Selling your small business can be a challenge, particularly when you’re a service-oriented company. When your company is built on process rather than product, it can be hard to find a way to sell the ideas and procedures that have made your business a success.
If you’re the owner or founder of an SMB and you’re looking to sell your company, you should consider how automation can transform your processes into a more tangible asset and make your business more appealing to potential buyers.
In this post, we’ll show you how automated workflows and an accompanying Process Playbook can become a valuable tool for anyone seeking to sell their company.
What Buyers Want to See in a Company
While there are many different potential motivations that can drive acquisition, let’s focus on buyers who intend to keep running the company that they acquire.
Ultimately, the new owner will want to replicate the success that you’ve had while running the company. They’ll want to move in some of their own staff and pick up right where you left off with your customers or clients, selling the same things and bringing in the same revenue.
How can you convince a prospective buyer that they’ll have everything they need after the ownership transition? How can you show them that you have the formula to success laid out and ready for them to follow?
One way to create a compelling and practical “business bible” is through workflow automation.
Workflow Automation
Workflow Automation is a method of identifying the robotic tasks in your company’s day-to-day work and partially or fully automating them.
At XRay, we’ve found that the most common robotic tasks in a modern office typically consist of simply moving data from one piece of software to another: filling in a report in one app with stats from another, logging a recent project update, or setting the status on a lead after a sales call.
Tasks that essentially amount to copying and pasting data are not worth your time or your team’s, and are the first tasks that we automate with our members. Automating those tasks creates more time and better prepares you for the work that really is worthy of your attention.

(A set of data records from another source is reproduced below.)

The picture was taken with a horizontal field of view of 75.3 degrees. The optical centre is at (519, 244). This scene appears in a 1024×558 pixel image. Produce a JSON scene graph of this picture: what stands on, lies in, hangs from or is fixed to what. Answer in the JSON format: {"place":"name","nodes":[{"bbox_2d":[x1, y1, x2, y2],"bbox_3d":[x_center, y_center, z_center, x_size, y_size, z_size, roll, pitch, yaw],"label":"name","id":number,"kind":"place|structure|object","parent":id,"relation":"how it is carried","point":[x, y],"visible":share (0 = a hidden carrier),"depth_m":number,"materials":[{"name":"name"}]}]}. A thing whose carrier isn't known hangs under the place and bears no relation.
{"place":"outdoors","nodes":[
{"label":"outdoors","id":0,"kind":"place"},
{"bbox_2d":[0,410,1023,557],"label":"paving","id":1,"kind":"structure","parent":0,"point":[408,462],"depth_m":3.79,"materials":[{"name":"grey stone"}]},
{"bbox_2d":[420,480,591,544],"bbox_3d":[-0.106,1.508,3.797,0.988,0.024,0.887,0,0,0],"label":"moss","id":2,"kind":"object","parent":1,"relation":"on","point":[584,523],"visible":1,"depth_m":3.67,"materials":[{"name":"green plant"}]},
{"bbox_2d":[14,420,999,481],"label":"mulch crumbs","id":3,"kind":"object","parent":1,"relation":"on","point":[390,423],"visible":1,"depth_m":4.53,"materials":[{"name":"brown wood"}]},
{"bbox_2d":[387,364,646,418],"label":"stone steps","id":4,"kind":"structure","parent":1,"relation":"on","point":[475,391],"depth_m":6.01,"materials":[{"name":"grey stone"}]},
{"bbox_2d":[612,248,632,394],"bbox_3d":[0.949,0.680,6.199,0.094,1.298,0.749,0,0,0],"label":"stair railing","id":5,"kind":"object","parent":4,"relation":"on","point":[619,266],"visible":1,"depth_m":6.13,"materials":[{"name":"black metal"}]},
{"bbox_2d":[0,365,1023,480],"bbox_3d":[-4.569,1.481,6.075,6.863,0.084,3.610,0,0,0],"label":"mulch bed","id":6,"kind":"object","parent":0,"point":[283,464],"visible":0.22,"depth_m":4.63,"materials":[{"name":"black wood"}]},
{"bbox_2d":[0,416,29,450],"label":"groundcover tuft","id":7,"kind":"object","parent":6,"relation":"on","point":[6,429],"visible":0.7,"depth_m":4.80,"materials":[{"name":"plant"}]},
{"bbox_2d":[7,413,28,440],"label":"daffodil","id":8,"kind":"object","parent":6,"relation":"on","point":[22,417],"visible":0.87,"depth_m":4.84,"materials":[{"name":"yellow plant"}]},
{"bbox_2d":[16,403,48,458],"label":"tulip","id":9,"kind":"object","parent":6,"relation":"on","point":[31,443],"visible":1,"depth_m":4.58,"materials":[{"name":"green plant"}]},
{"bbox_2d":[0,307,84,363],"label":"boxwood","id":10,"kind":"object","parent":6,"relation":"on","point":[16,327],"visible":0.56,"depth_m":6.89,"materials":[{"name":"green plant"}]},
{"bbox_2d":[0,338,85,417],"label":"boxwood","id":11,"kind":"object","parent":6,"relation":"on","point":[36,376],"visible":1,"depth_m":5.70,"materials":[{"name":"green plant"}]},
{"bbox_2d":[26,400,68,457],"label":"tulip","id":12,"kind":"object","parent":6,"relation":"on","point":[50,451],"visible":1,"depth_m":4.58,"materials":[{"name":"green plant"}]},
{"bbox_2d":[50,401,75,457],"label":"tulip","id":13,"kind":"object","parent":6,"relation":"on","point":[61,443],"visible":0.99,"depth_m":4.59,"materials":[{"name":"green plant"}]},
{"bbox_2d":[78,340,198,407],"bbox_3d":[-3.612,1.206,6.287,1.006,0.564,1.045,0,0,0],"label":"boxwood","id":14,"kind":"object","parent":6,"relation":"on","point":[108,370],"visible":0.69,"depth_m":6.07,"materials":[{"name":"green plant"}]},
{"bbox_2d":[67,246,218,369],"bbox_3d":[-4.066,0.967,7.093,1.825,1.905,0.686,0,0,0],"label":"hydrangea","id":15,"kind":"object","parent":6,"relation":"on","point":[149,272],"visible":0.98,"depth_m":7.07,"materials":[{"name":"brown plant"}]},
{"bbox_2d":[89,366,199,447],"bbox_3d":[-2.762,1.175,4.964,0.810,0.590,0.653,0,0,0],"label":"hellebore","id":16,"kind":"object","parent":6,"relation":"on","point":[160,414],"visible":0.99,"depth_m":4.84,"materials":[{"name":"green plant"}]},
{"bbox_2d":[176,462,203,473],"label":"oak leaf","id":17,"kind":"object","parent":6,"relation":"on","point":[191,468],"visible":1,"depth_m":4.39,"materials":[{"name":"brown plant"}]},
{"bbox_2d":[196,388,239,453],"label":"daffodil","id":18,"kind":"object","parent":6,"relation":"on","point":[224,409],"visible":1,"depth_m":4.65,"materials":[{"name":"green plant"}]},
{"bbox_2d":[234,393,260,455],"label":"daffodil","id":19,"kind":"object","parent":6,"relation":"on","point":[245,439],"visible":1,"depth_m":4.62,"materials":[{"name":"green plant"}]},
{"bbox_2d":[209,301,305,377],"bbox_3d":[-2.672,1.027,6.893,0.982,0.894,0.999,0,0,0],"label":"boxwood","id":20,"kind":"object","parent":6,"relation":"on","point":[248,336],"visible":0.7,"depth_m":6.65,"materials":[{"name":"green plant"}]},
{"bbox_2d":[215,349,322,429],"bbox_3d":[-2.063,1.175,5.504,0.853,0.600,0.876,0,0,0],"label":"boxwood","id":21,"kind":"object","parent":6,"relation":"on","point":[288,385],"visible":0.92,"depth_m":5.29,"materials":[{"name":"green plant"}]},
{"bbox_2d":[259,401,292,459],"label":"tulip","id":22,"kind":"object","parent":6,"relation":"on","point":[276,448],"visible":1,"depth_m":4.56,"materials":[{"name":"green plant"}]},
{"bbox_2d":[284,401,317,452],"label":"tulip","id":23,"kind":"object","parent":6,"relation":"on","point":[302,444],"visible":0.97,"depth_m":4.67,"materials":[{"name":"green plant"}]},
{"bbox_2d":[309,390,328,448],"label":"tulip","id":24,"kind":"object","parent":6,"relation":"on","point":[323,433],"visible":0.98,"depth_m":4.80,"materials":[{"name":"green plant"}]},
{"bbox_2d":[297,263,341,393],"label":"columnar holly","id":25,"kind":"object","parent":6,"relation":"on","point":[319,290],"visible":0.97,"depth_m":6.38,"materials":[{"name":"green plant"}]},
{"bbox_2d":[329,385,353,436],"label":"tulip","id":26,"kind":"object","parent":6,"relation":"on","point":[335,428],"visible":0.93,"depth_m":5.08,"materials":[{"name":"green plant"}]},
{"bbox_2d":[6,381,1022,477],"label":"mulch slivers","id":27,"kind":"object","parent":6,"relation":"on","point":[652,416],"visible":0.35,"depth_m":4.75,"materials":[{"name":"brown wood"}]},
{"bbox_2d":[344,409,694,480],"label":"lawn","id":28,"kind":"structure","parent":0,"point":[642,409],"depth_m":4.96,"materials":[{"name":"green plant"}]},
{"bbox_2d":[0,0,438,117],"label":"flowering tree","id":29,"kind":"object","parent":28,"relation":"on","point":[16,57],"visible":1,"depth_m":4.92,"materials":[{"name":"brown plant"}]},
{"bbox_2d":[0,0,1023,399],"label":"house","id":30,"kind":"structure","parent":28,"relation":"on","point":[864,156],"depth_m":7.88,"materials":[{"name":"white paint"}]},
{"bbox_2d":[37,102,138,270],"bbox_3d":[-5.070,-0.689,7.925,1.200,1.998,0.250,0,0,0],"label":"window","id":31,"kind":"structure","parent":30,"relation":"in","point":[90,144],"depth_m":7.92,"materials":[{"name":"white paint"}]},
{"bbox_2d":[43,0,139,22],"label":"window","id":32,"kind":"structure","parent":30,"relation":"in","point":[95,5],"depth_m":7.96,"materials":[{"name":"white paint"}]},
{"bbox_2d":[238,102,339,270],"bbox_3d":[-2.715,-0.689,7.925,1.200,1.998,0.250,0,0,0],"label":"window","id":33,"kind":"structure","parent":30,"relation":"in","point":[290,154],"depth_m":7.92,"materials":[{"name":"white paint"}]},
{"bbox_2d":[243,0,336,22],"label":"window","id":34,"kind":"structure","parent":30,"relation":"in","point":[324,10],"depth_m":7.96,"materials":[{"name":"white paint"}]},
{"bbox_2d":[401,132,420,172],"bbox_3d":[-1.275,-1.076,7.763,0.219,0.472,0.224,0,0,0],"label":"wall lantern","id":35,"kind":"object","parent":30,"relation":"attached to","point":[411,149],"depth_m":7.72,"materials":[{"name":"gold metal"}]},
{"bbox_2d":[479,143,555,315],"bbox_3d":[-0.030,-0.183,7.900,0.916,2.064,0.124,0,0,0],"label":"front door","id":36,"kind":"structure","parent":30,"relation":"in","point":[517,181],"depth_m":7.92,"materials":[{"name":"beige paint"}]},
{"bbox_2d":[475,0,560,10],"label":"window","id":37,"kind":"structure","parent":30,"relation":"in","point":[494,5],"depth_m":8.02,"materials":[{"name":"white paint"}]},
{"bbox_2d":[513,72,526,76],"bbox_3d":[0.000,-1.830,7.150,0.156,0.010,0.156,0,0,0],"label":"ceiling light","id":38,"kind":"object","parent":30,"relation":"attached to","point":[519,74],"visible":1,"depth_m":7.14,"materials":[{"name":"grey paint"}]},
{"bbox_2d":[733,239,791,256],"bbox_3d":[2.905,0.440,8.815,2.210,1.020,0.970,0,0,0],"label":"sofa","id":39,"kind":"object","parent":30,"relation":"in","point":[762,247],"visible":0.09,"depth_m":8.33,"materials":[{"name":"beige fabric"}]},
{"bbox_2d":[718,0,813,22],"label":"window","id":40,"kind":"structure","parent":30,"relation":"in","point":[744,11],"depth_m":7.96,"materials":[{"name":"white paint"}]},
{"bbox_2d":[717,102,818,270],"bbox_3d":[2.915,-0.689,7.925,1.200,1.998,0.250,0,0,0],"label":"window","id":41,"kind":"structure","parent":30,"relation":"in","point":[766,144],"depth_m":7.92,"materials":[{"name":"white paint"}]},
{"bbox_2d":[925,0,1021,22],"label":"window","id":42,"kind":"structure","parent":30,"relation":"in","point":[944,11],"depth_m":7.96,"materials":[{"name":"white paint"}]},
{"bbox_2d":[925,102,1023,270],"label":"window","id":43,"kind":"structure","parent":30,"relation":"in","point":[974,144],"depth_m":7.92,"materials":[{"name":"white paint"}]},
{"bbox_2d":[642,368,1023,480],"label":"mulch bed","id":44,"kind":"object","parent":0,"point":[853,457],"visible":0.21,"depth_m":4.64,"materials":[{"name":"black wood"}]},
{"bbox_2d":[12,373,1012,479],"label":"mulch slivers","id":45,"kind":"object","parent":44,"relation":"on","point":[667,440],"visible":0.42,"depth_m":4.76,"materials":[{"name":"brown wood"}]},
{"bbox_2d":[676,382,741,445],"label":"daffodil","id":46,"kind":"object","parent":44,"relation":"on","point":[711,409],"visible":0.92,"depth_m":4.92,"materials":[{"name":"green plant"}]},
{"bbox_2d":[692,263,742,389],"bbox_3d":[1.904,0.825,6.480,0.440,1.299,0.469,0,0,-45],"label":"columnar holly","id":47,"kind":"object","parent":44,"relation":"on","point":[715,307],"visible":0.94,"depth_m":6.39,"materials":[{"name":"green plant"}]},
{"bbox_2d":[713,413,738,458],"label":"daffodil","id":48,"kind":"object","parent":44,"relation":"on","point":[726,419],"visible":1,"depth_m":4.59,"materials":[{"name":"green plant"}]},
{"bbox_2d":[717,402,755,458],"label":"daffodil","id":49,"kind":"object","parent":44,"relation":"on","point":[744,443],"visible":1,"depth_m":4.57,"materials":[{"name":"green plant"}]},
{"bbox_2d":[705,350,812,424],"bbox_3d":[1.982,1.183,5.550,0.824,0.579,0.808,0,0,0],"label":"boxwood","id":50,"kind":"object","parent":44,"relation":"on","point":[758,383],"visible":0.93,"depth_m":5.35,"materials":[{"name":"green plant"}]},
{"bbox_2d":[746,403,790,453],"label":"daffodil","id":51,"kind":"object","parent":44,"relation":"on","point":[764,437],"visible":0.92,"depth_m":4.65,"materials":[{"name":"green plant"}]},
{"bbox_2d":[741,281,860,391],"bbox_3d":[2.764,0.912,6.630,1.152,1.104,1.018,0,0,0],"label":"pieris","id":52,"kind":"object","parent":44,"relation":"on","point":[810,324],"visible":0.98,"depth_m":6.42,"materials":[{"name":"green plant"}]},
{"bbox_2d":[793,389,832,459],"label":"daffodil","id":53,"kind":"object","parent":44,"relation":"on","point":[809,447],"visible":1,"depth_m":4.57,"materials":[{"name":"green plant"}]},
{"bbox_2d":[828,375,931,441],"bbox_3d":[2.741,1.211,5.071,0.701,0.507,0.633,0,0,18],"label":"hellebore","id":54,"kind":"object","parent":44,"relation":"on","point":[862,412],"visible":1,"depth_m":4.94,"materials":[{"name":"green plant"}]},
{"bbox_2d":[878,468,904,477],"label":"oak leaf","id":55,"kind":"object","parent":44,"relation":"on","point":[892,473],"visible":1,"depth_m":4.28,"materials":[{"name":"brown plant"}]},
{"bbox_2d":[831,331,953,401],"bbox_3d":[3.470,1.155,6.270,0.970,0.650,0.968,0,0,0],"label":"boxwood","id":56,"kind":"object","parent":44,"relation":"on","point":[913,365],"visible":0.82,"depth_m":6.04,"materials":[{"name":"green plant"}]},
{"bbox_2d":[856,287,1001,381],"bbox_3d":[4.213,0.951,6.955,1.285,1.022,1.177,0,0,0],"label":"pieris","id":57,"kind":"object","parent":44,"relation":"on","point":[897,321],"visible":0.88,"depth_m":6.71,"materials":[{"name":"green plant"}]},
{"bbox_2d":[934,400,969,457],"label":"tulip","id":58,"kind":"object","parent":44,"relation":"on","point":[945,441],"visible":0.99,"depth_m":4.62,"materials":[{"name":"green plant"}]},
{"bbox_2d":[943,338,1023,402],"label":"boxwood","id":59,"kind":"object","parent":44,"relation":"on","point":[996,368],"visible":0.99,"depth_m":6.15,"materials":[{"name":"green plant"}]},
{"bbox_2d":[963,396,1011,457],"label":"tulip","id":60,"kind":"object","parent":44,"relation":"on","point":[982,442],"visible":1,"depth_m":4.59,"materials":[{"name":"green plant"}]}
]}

When your new leads are mostly handled through automated, templated emails, that gives your sales team more time to interact with the fringe cases, and more time to prepare for the particularly important details.
Automations are a great asset for your business to have when you’re hoping for a liquidity event, as the new owner can assume control of the automations just as they would with a proprietary app or website.
But to really make the case for continuity (and to get the most out of your automations while you’re still in charge), you’ll want to have each automation documented in a Process Playbook.
The Process Playbook: a Guide to Repeatable Success
A Process Playbook is a set of documentation that explains how to accurately and consistently execute any process that you regularly conduct at your business.
Whenever we build an automation for our members or for our internal use, we create another page in the Process Playbook to reflect it. Each page explains what the automation is for, how to use it, where to find any relevant resources, and what manual steps need to take place before or after the automation happens.
As we build more automations for a member, their Playbook essentially becomes a thorough user’s manual on how to operate their business. A document like that is extremely useful whenever you’re hiring new team members, and can be a great asset to show to any potential buyers.
If you think of your business and any staff who will stay on after the transition as the ingredients for success at your organization, then the Process Playbook is the recipe on how to put it all together.
Showing a prospective buyer just a few select pages from your Playbook will go a long way towards reassuring them that they’ll be able to replicate your actions even when you’re no longer the one steering the ship. It simplifies each process into an easily understood set of actions and information that they can put into practice and refine on their own as they get some experience.
Automating to Support Your Exit Strategy
Selling a company is never an easy thing. Finding a buyer, agreeing on terms, and handing off a business that you’ve devoted so much hard work to is a challenge for any entrepreneur.
Automating your workflows when you’re looking to sell your company might seem counterintuitive, but with the right documentation, it’s actually a great way to package your processes as a valuable asset for prospective buyers.